3年ぶりに鹿児島に戻った大山は、その足で西郷隆盛のもとを訪れて、新政府に戻ってほしいと必死に説得しました。
けれど西郷隆盛は応じません。
ならば西郷を守るために命を捨てようと、大山巌は、西郷に、行動を共にさせてほしいと頼みました。
しかし西郷隆盛は、
「おはんは、これからの日本に必要な人材じゃ。
東京におって、天皇陛下のお役にば、
たたにゃなりもうさん。
おいの役にはたたんでも、よか」
と言いました。
それでも西郷と行動を伴にしたい大山は、重ねて
「おいの命ば、兄さぁにお預けしもす」
と頼み込みました。
すると西郷隆盛は突然立ち上がり、
「ならん!
断じてならん!
帰れっ!
東京に帰れっ!」
と、ものすごい剣幕で怒鳴りました。
西郷隆盛は、滅多に人を叱りつけることがなかった人でした。
その西郷が声を荒げて怒鳴ったのです。
しかし大山はこのとき、西郷の怒声の中に、彼の悲壮な決意を感じ取りました。
不平武士たちの側に身を置き、彼らと運命を共にする。
彼らと共に死ぬ。
誕生したばかりの政府を守るにはこれしかない。
それは西郷隆盛の明治政府への命を捨てての「ご奉公」でした。
だからこそ西郷隆盛は、その「ご奉公」に大山を巻き込みたくなかったのです。
その気持ちが、大山にも痛いほどわかる。
これが今生の別れになると思うと、大山は涙があふれて止まらなかったそうです。
大山は、西郷のもとを去り、実家にも寄らず、東京へ帰りました。
1877年、西南戦争が起こりました。
これは一般に、明治新政府への不満武士たちが西郷を擁立して暴発したのだと言われています。
すこし違うように思います。
強大な欧米列強の前に、欧風化を急がなければならないという新政府の意向はわかるのです。
そのために明治維新を成し遂げているのです。
しかしだからといって、日本の美風まで損ねることは、武士の道に反します。
我が国の政府は、その名称が朝廷であれ、幕府であれ、新政府であれ、どこまでも天子様の「おほみたから」である民が豊かに安全に安心して暮らせるようにしていくための存在です。
武士はそのためにこそ存在してきたのです。
ところが蓋を開けてみれば、一部の者が法外な利益をあげ、武士も農民もまったく豊かになっていない。
しかも列強の脅威は日増しに強くなる。
民の危険は日増しに強くなる。
幕府なら水害や干ばつに際しては、動きが遅いと言われたとしても、それなりに動いてくれた。
新政府は、その点、まったく動かない。
我が国において、「武」は「たける」ものです。
世の中の歪みや不条理を、まっすぐにただすのが「たける」の意味です。
そして「たける」ために先祖代々帯刀してきたのが武士です。
その武士を否定し、金持ちだけが贅沢三昧を手に入れて、日本的精神が破壊される。
このことに武士たちは怒り、決起したのです。
明治9年3月に、新政府は廃刀令と金禄公債証書発行条例(俸禄支給の打ち切り)を発布しています。
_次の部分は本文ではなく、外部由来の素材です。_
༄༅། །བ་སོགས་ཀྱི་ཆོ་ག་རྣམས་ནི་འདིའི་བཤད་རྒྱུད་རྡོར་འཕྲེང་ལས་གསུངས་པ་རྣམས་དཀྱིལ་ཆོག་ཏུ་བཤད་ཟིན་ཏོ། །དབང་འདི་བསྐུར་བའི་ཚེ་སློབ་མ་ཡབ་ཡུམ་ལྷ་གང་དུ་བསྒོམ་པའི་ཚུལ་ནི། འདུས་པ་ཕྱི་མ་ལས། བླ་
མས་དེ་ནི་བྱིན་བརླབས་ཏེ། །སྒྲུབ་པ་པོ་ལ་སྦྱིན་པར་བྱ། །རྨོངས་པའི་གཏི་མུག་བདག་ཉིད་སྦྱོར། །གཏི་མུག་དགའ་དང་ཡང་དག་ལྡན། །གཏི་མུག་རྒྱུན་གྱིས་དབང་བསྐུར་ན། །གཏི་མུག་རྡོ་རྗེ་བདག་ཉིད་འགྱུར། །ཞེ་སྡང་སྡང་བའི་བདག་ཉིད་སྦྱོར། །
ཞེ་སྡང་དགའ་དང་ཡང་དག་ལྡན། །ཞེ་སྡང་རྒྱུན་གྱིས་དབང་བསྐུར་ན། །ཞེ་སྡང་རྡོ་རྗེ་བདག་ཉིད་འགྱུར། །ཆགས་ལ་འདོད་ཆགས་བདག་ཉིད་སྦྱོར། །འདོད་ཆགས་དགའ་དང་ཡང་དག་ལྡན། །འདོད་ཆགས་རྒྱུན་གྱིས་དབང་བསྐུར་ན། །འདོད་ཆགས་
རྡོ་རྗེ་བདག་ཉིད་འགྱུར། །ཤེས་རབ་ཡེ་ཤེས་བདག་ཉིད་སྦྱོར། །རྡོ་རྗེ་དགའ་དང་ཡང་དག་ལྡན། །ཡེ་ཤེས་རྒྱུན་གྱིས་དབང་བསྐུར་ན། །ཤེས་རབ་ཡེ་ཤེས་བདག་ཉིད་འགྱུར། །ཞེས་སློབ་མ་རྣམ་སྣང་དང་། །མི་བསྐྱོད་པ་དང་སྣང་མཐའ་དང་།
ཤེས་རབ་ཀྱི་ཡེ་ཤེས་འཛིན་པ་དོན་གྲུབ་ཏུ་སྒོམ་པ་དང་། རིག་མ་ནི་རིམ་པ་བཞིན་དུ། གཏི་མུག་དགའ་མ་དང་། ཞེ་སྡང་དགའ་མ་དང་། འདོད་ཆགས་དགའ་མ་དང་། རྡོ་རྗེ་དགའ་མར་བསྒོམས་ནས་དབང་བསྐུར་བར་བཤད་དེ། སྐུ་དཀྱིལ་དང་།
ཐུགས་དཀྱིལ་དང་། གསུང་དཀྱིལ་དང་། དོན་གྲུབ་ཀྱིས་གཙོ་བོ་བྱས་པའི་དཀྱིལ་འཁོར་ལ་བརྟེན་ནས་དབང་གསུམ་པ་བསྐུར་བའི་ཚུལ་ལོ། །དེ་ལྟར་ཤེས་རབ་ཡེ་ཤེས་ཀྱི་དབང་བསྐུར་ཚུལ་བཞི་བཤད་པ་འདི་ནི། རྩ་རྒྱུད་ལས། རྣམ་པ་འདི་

これに怒った士族たちの決起は、10月に熊本「神風連の乱」、同、福岡「秋月の乱」、同、山口「萩の乱」が起きています。
そして翌明治10年2月14日、西郷隆盛率いる3万の軍が鹿児島を出発しました。
これに対し明治新政府は、2月19日には、有栖川宮熾仁親王を逆徒征討総督(総司令官)に任じ、実質的総司令官に山縣有朋陸軍中将と川村純義海軍中将を任命、さらに第1旅団(野津鎮雄少将)・第2旅団(三好重臣少将)・別働第1旅団(高島鞆之助大佐)・別働第2旅団(山田顕義少将)、川路利良少将兼大警視が率いる警視隊(後に別働第3旅団の主力)など、総勢7万の軍が出動開始しました。
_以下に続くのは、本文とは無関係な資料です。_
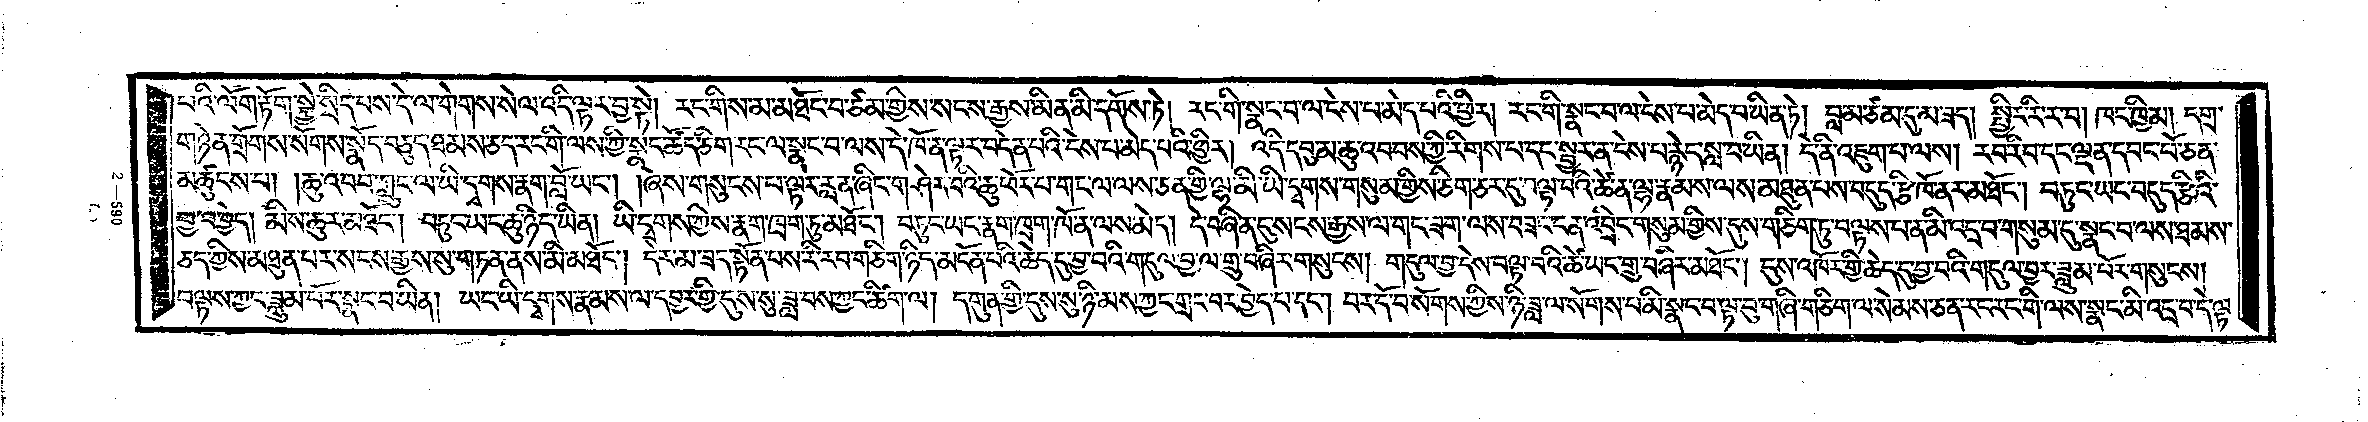པའི་ལོག་རྟོག་སྐྱེ་སྲིད་པས་དེ་ལ་གེགས་སེལ་འདི་ལྟར་བྱ་སྟེ། རང་གིས་མ་མཐོང་བ་ཙམ་གྱིས་སངས་རྒྱས་མིན་མི་དགོས་ཏེ། རང་གི་སྣང་བ་ལ་ངེས་པ་མེད་པའི་ཕྱིར། རང་གི་སྣང་བ་ལ་ངེས་པ་མེད་པ་ཡིན་ཏེ། བླ་མ་ཙམ་དུ་མ་ཟད། སྤྱིར་རི་ར་བ། ཁང་ཁྱིམ། དགྲ་
གཉེན་གྲོགས་སོགས་སྣོད་བཅུད་ཐམས་ཅད་རང་གི་ལས་ཀྱི་སྣང་ཚོད་ཅིག་རང་ལ་སྣང་བ་ལས་དེ་ཁོ་ན་ལྟར་བདེན་པའི་ངེས་པ་མེད་པའི་ཕྱིར། འདི་དབུ་མ་ཆུ་འབབས་ཀྱི་རིགས་པ་དང་སྦྱར་ན་ངེས་པ་རྙེད་སླ་བ་ཡིན། དེ་ནི་འཇུག་པ་ལས། རབ་རིབ་དང་ལྡན་དབང་པོ་ཅན་
མཚུངས་པ། །ཆུ་འབབ་ཀླུང་ལ་ཡི་དྭགས་རྣག་བློ་ཡང་། །ཞེས་གསུངས་པ་ལྟར་རླན་ཞིང་གཤེར་བའི་ཆུ་ཕོར་པ་གང་ལ་ལས་ཅན་གྱི་ལྷ་མི་ཡི་དྭགས་གསུམ་གྱིས་ཅིག་ཅར་དུ་བལྟ་བའི་ཚེ་ན་ལྷ་རྣམས་ལས་མཐུན་པས་བདུད་རྩི་ཁོ་ནར་མཐོང་། བཏུང་ཡང་བདུད་རྩིའི་
བྱ་བ་བྱེད། མིས་ཆུར་མཐོང་། བཏུང་ཡང་ཆུ་ཉིད་ཡིན། ཡི་དྭགས་ཀྱིས་རྣག་ཁྲག་ཏུ་མཐོང་། བཏུང་ཡང་རྣག་ཁྲག་ཁོ་ན་ལས་མེད། དེ་བཞིན་དུ་སངས་རྒྱས་ལ་གང་ཟག་ལས་བཟང་ངན་འབྲིང་གསུམ་གྱིས་དུས་གཅིག་ཏུ་བལྟས་པ་ན་མི་འདྲ་བ་གསུམ་དུ་སྣང་བ་ལས་ཐམས་
ཅད་ཀྱིས་མཐུན་པར་སངས་རྒྱས་སུ་གཏན་ནས་མི་མཐོང་། དེར་མ་ཟད་སྟོན་པས་རི་རབ་གཅིག་ཉིད་མངོན་པའི་ཆེད་དུ་བྱ་བའི་གདུལ་བྱ་ལ་གྲུ་བཞིར་གསུངས། གདུལ་བྱ་དེས་བལྟ་བའི་ཚེ་ཡང་གྲུ་བཞིར་མཐོང་། དུས་འཁོར་གྱི་ཆེད་དུ་བྱ་བའི་གདུལ་བྱར་ཟླུམ་པོར་གསུངས།
བལྟས་ཀྱང་ཟླུམ་པོར་སྣང་བ་ཡིན། ཡང་ཡི་དྭགས་རྣམས་ལ་དབྱར་གྱི་དུས་སུ་ཟླ་བས་ཀྱང་ཚིག་ལ། དགུན་གྱི་དུས་སུ་ཉི་མས་ཀྱང་གྲང་བར་བྱེད་པ་དང་། བར་དོ་བ་སོགས་ཀྱིས་ཉི་ཟླ་ལ་སོགས་པ་མི་སྣང་བ་ལྟ་བུ་གཞི་གཅིག་ལ་སེམས་ཅན་རང་རང་གི་ལས་སྣང་མི་འདྲ་བ་དེ་ལྟ་

大山巌は新政府軍の攻城砲隊司令官として、戦いに参加しました。
西南戦争は、実にたいへんな戦いでした。
激戦地となった熊本では、両軍の銃弾同士が空中で衝突して、二個の弾がくっついたものがいくつも発見されています。
どれだけすさまじい戦いであったかということです。
その激しい戦いが、倍の兵力と火力を持つ新政府軍相手に、なんと半年間も続けられました。
よく、
一匹の狼に率いられた100匹の羊
1匹の羊に率いられた100匹の狼
と例えられますが、西郷隆盛に指揮された薩摩軍が、圧倒的火力と倍の兵力を持った新政府軍に、それだけの期間、戦い続けることができたということは、なによりも指揮官であった西郷隆盛の凄みというべきことであるように思います。
戦いの最終決戦のときがやってきました。
非情にも、大山巌に西郷が立て籠もる城山への総攻撃の命令がくだされました。
攻撃は早朝4時に始まりました。
大山巌も、後年の彼の戦いが証明しているように、際立った才能を持った指揮官でした。
態勢は、明け方には決まりました。
そして西郷隆盛、自刃。
遺体は浄光寺に運ばれました。
葬儀のとき、大山は西郷夫人に弔慰金を渡そうとしました。
けれどそのお金は、夫人によって、ものも言わずに突き返されました。
大山巌の姉は、泣きながら
「なぜ西郷を殺したかっ!」と巌を責め立てました。
胸が張り裂けそうな辛い立場でした。
しかし大山巌は、いっさい弁解をしませんでした。
理解してもらえるとも思いませんでした。
「兄さぁだけがわかってくれれば、
それでいい」
西郷の新政府への「ご奉公」を見届けるのだ。
そんな思いだけが、彼の心をぎりぎりで支えていました。
これこそが武人の心でした。
西南戦争の翌年、明治天皇が北陸・東海地方を巡幸されたとき、大山巌は、その同行を命じられました。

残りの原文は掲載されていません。